What is expected:
Pictures in the records are to be omitted; everything else is copied exactly.

--- Given entries Enclosed Below ---

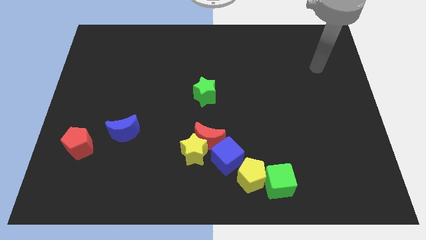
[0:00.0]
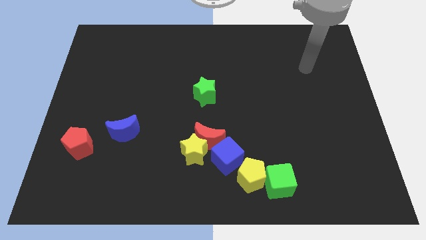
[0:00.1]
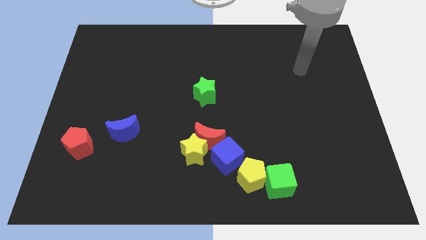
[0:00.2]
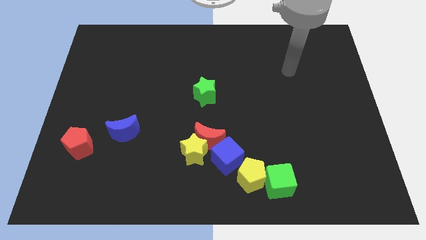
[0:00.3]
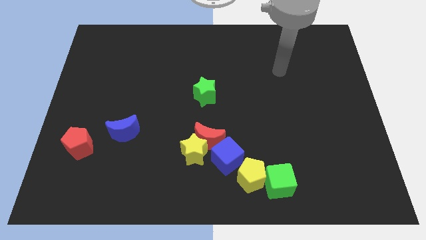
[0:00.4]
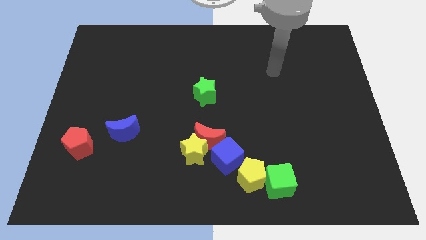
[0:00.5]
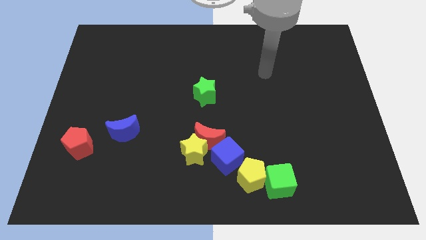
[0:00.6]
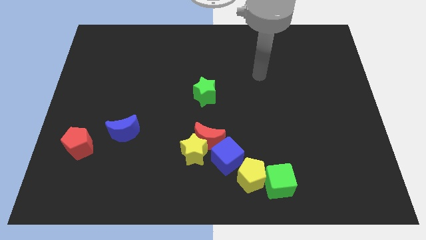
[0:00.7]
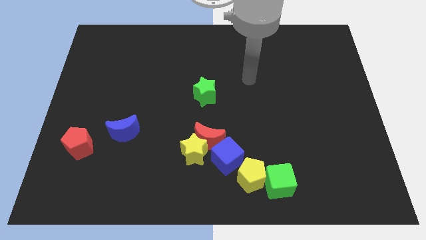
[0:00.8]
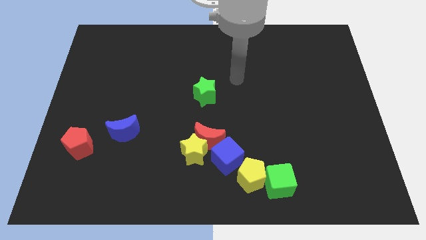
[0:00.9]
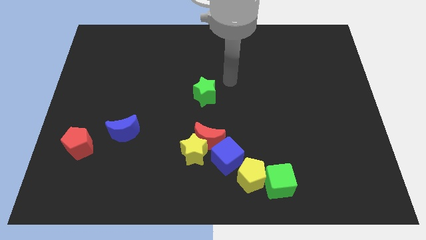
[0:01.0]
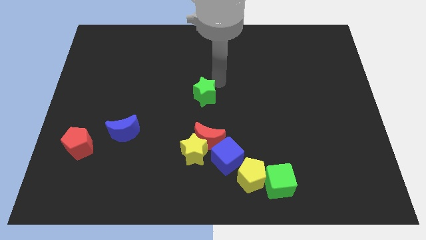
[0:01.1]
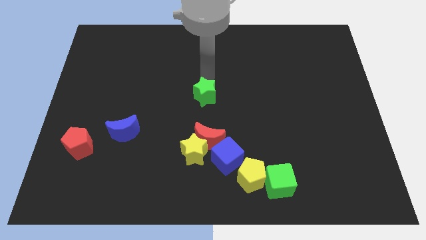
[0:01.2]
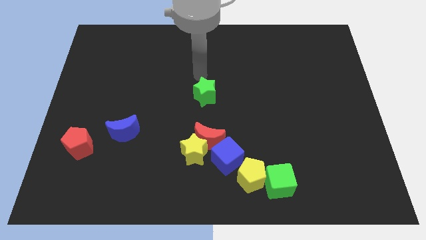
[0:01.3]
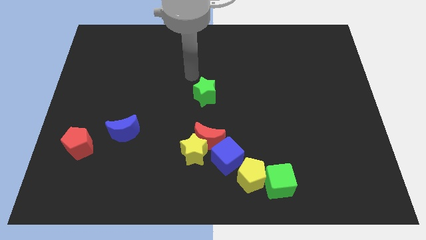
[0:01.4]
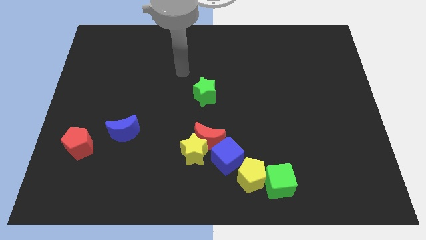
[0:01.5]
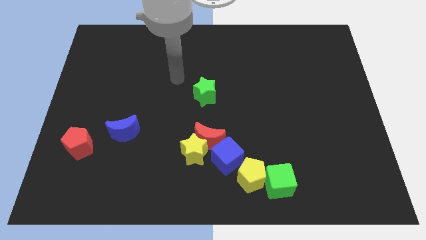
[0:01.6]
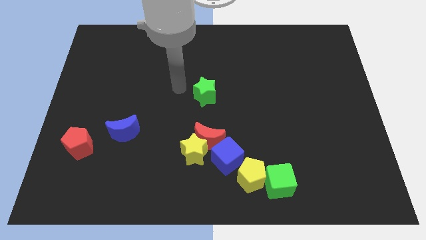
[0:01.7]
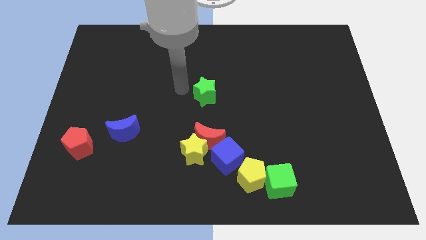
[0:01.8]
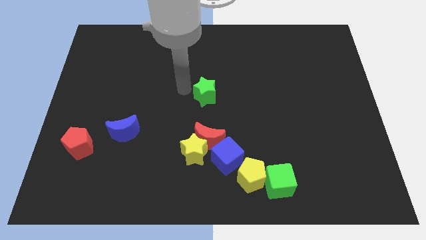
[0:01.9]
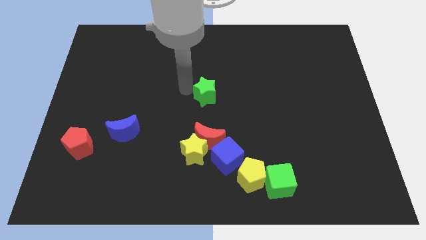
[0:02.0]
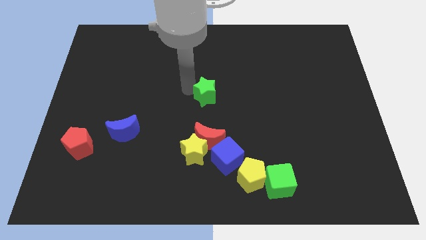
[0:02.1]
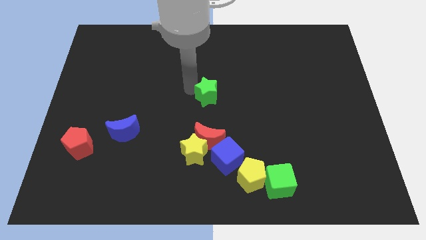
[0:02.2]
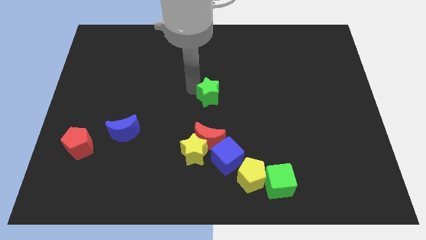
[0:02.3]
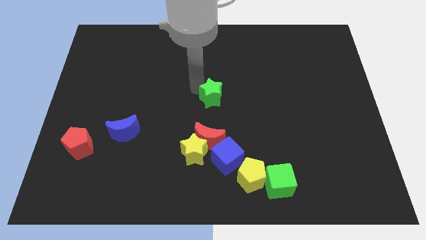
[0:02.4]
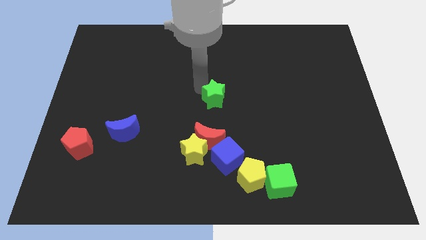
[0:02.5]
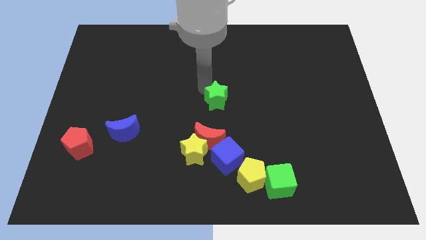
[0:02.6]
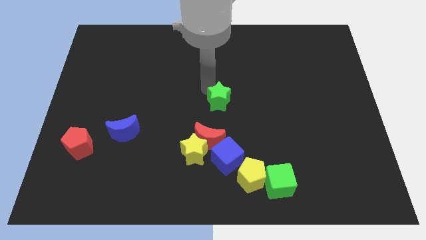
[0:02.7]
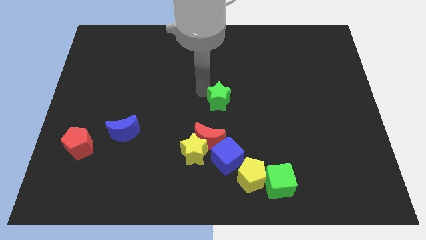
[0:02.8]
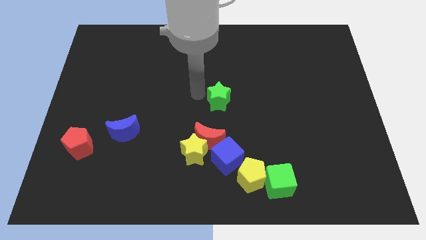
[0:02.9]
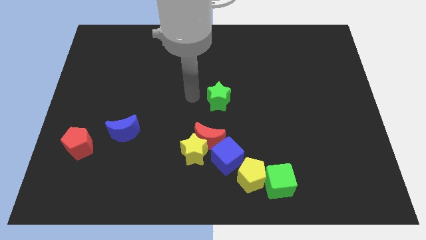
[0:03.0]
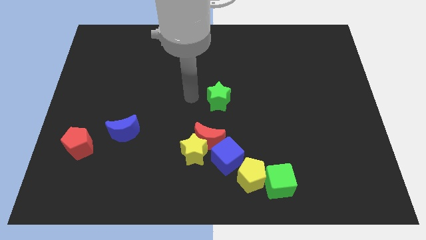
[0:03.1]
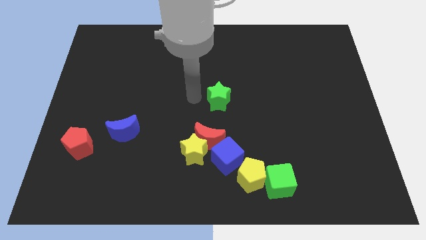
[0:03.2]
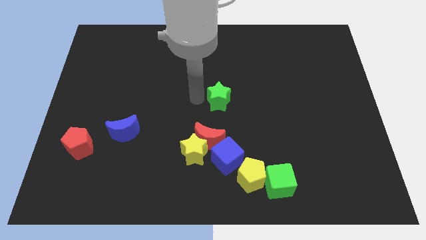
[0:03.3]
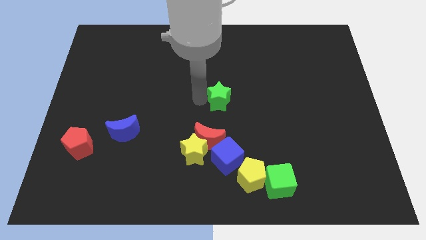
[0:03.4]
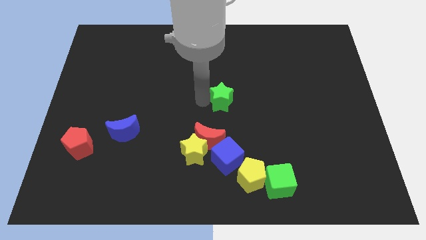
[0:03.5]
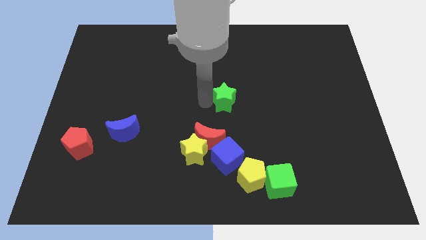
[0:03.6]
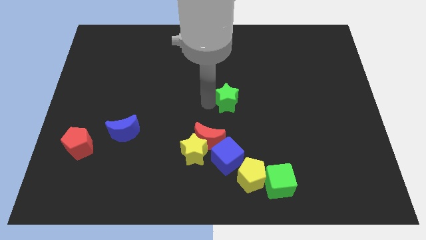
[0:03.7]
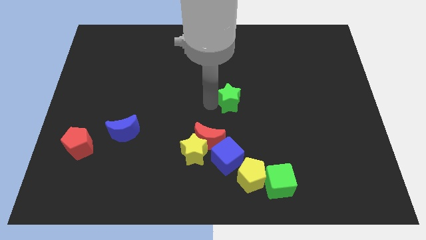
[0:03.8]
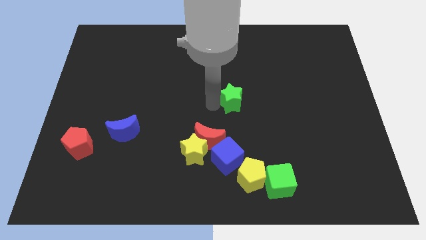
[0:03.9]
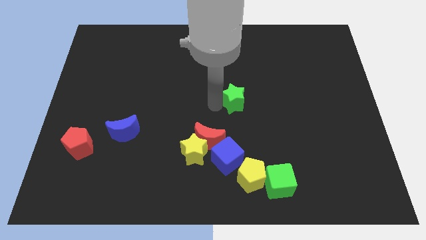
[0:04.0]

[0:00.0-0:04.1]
slide the green star to the right a little bit

--- End of Enclosed Given entries ---

Reply:
[0:00.0]
[0:00.1]
[0:00.2]
[0:00.3]
[0:00.4]
[0:00.5]
[0:00.6]
[0:00.7]
[0:00.8]
[0:00.9]
[0:01.0]
[0:01.1]
[0:01.2]
[0:01.3]
[0:01.4]
[0:01.5]
[0:01.6]
[0:01.7]
[0:01.8]
[0:01.9]
[0:02.0]
[0:02.1]
[0:02.2]
[0:02.3]
[0:02.4]
[0:02.5]
[0:02.6]
[0:02.7]
[0:02.8]
[0:02.9]
[0:03.0]
[0:03.1]
[0:03.2]
[0:03.3]
[0:03.4]
[0:03.5]
[0:03.6]
[0:03.7]
[0:03.8]
[0:03.9]
[0:04.0]

[0:00.0-0:04.1]
slide the green star to the right a little bit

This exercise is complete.